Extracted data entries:

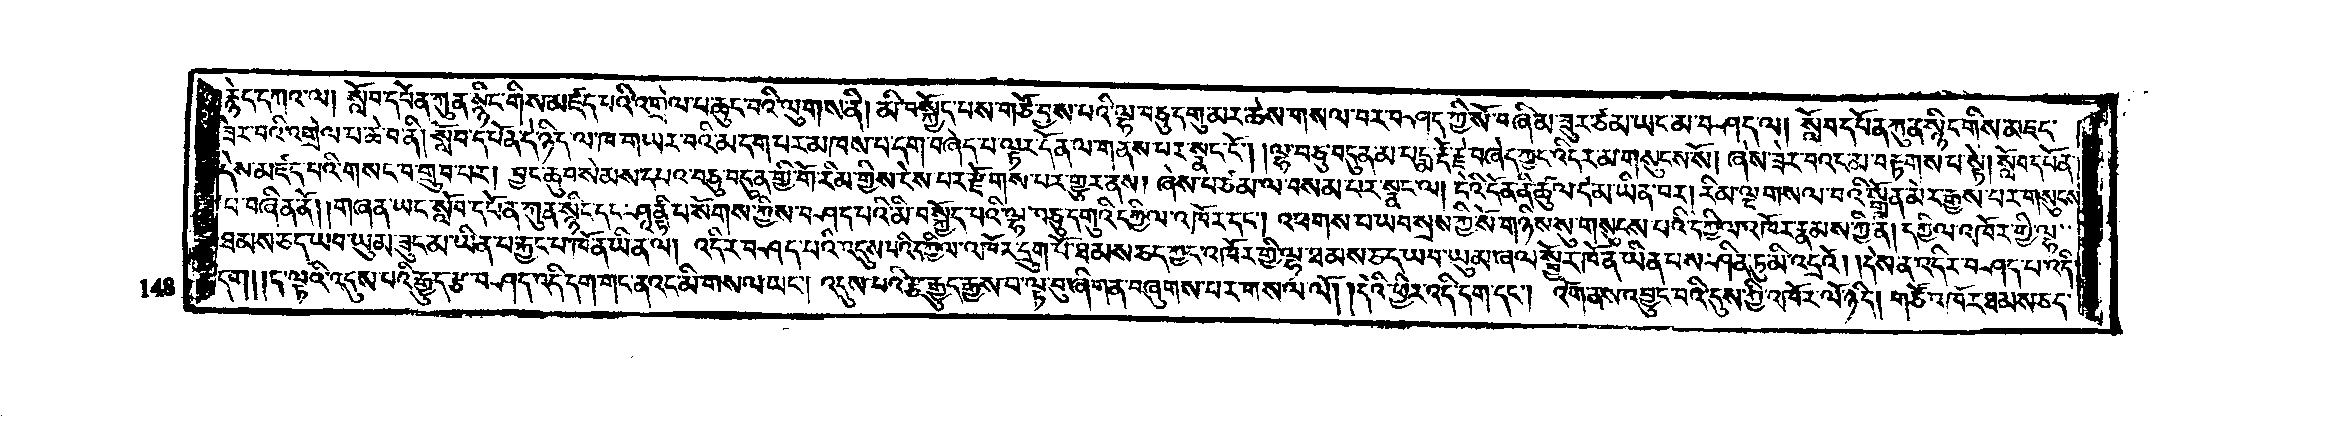རྙེད་དཀའ་ལ། སློབ་དཔོན་ཀུན་སྙིང་གིས་མཛད་པའི་འགྲེལ་པ་ཆུང་བའི་ལུགས་ནི། མི་བསྐྱོད་པས་གཙོ་བྱས་པའི་ལྷ་བཅུ་དགུ་མར་ཆེས་གསལ་བར་བཤད་ཀྱི་སོ་བཞི་མ་ཟུར་ཙམ་ཡང་མ་བཤད་ལ། སློབ་དཔོན་ཀུན་སྙིང་གིས་མཛད་
ཟེར་བའི་འགྲེལ་པ་ཆེ་བ་ནི། སློབ་དཔོན་དེ་ཉིད་ལ་ཁ་གཡར་བའི་མ་དག་པར་མཁས་པ་དག་བཞེད་པ་ལྟར་དོན་ལ་གནས་པར་སྣང་ངོ། །ལྷ་བཅུ་བདུན་མ་པདམ་རྡོ་རྗེ་བཞེད་ཀྱང་འདིར་མ་གསུངས་སོ། ཞེས་ཟེར་བའང་མ་བརྟགས་པ་སྟེ། སློབ་དཔོན་
དེས་མཛད་པའི་གསང་བ་གྲུབ་པར། བྱང་ཆུབ་སེམས་དཔའ་བཅུ་བདུན་གྱི་གོ་རིམ་གྱིས་ངེས་པར་རྫོགས་པར་གྱུར་ནས། ཞེས་པ་ཙམ་ལ་བསམ་པར་སྣང་ལ། དེའི་དོན་ནི་ཚུལ་དེ་མ་ཡིན་པར། རིམ་ལྔ་གསལ་བའི་སྒྲོན་མེར་རྒྱས་པར་གསུངས་པ་བཞིན་ནོ། །གཞན་ཡང་སློབ་དཔོན་ཀུན་སྙིང་དང་ཤཱནྟི་པ་སོགས་ཀྱིས་བཤད་པའི་མི་བསྐྱོད་པའི་ལྷ་བཅུ་དགུའི་དཀྱིལ་འཁོར་དང་། འཕགས་པ་ཡབ་སྲས་ཀྱི་སོ་གཉིས་སུ་གསུངས་པའི་དཀྱིལ་འཁོར་རྣམས་ཀྱི་ནི། དཀྱིལ་འཁོར་གྱི་ལྷ་
ཐམས་ཅད་ཡབ་ཡུམ་ཟུང་མ་ཡིན་པ་རྐྱང་པ་ཁོ་ན་ཡིན་ལ། འདིར་བཤད་པའི་འདུས་པའི་དཀྱིལ་འཁོར་དྲུག་པོ་ཐམས་ཅད་ཀྱང་འཁོར་གྱི་ལྷ་ཐམས་ཅད་ཡབ་ཡུམ་ཞལ་སྦྱོར་ཁོ་ན་ཡིན་པས་ཤིན་ཏུ་མི་འདྲའོ། །དེས་ན་འདིར་བཤད་པ་འདི་
དག། །ད་ལྟའི་འདུས་པའི་རྒྱུད་རྩ་བཤད་འདི་དག་གང་ནའང་མི་གསལ་ཡང་། འདུས་པའི་རྩ་རྒྱུད་རྒྱས་པ་ལྟ་བུ་ཞིག་ན་བཞུགས་པར་གསལ་ལོ། །དེའི་ཕྱིར་འདི་དག་དང་། འོག་ནས་འབྱུང་བའི་དུས་ཀྱི་འཁོར་ལོ་ཉིད། གཙོ་འཁོར་ཐམས་ཅད་
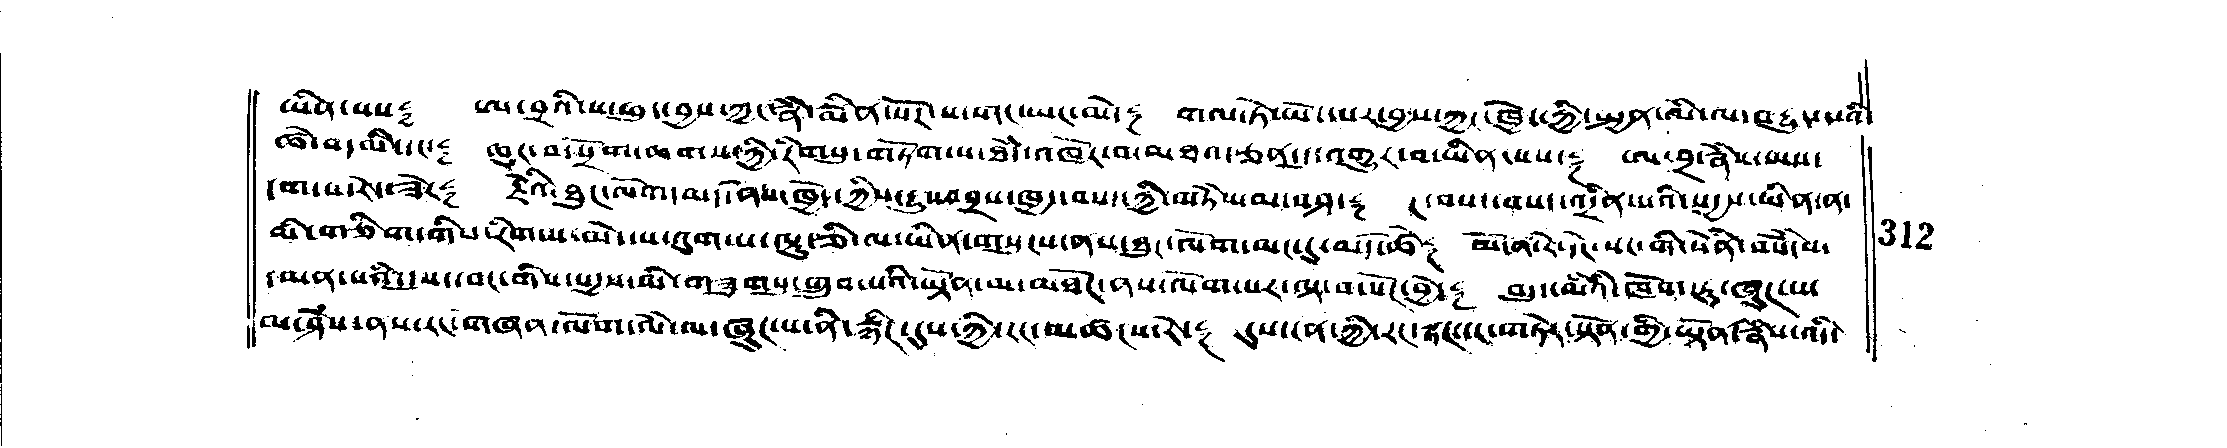ཡིན་པས། ཨ་བྲའི་ས་ཕུད་བྱས་ཀྱང་རྣམ་སྨིན་སོགས་པ་གང་ཡང་མེད། གལ་ཏེ་ཡོད་པར་བྱས་ཀྱང་ཁྱེད་ཀྱི་སྤྱན་ལམ་ལ་བརྒྱུད་པའི་
ཆེ་བ་མི་དང་། ཆུང་བ་སྲོག་ཆགས་ཀྱི་རིགས་སུ་གཏོགས་པ་ཐམས་ཅད་འཁོར་བ་མཐའ་ཅན་དུ་འགྱུར་བ་ཡིན་པས། ཨ་བྲ་རྣམས་ལས་
དག་པ་རེད་ཟེར། རྗེའི་ཐུགས་ལོག་མཛད་ནས་ཁྱོད་ཀྱི་རྒྱུ་འབྲས་ཁྱད་བསད་ཀྱི་གཏམ་མ་བཤད། ང་བསད་བསད་འདྲེན་པའི་སངས་རྒྱས་ཡིན་ན་
མི་གཅིག་གིས་རིག་པ་མེད་པ་འུག་པ་ལྟ་བུ་ཅི་ལ་ཡིན་གསུངས་ནས་ཐུགས་ལོག་མང་དུ་མཛད་ཚེ། མོ་ན་རེ་དེང་སང་གི་སེམས་ཅན་བསོད་ནམས་
དམན་པའི་དུས་དབང་གིས་སངས་རྒྱས་མི་གཟུགས་སུ་གྲུབ་པའི་ཡོན་ཏན་མ་མཐོང་ནས་ལོག་པར་ལྟ་བ་སོགས་བྱེད། བདུད་མིའི་ཁོག་ཏུ་ཞུགས་པ་
མ་ཤེས་ནས་རང་གཞན་ལོག་ལམ་ལ་ཞུགས་པ་ནི་སྙིགས་དུས་ཀྱི་རང་མཚང་རེད། དུས་ངན་ཀྱི་རང་རྟགས་དང་གཏེར་སྟོན་གྱི་ཡོན་ཏན་རྣམས་འདི་

Problem to solve: Write out, word for word, the line containing "མི་གཅིག་གིས་རི" and all the lines after it in the entries above, and nothing more.

Task solution:
མི་གཅིག་གིས་རིག་པ་མེད་པ་འུག་པ་ལྟ་བུ་ཅི་ལ་ཡིན་གསུངས་ནས་ཐུགས་ལོག་མང་དུ་མཛད་ཚེ། མོ་ན་རེ་དེང་སང་གི་སེམས་ཅན་བསོད་ནམས་
དམན་པའི་དུས་དབང་གིས་སངས་རྒྱས་མི་གཟུགས་སུ་གྲུབ་པའི་ཡོན་ཏན་མ་མཐོང་ནས་ལོག་པར་ལྟ་བ་སོགས་བྱེད། བདུད་མིའི་ཁོག་ཏུ་ཞུགས་པ་
མ་ཤེས་ནས་རང་གཞན་ལོག་ལམ་ལ་ཞུགས་པ་ནི་སྙིགས་དུས་ཀྱི་རང་མཚང་རེད། དུས་ངན་ཀྱི་རང་རྟགས་དང་གཏེར་སྟོན་གྱི་ཡོན་ཏན་རྣམས་འདི་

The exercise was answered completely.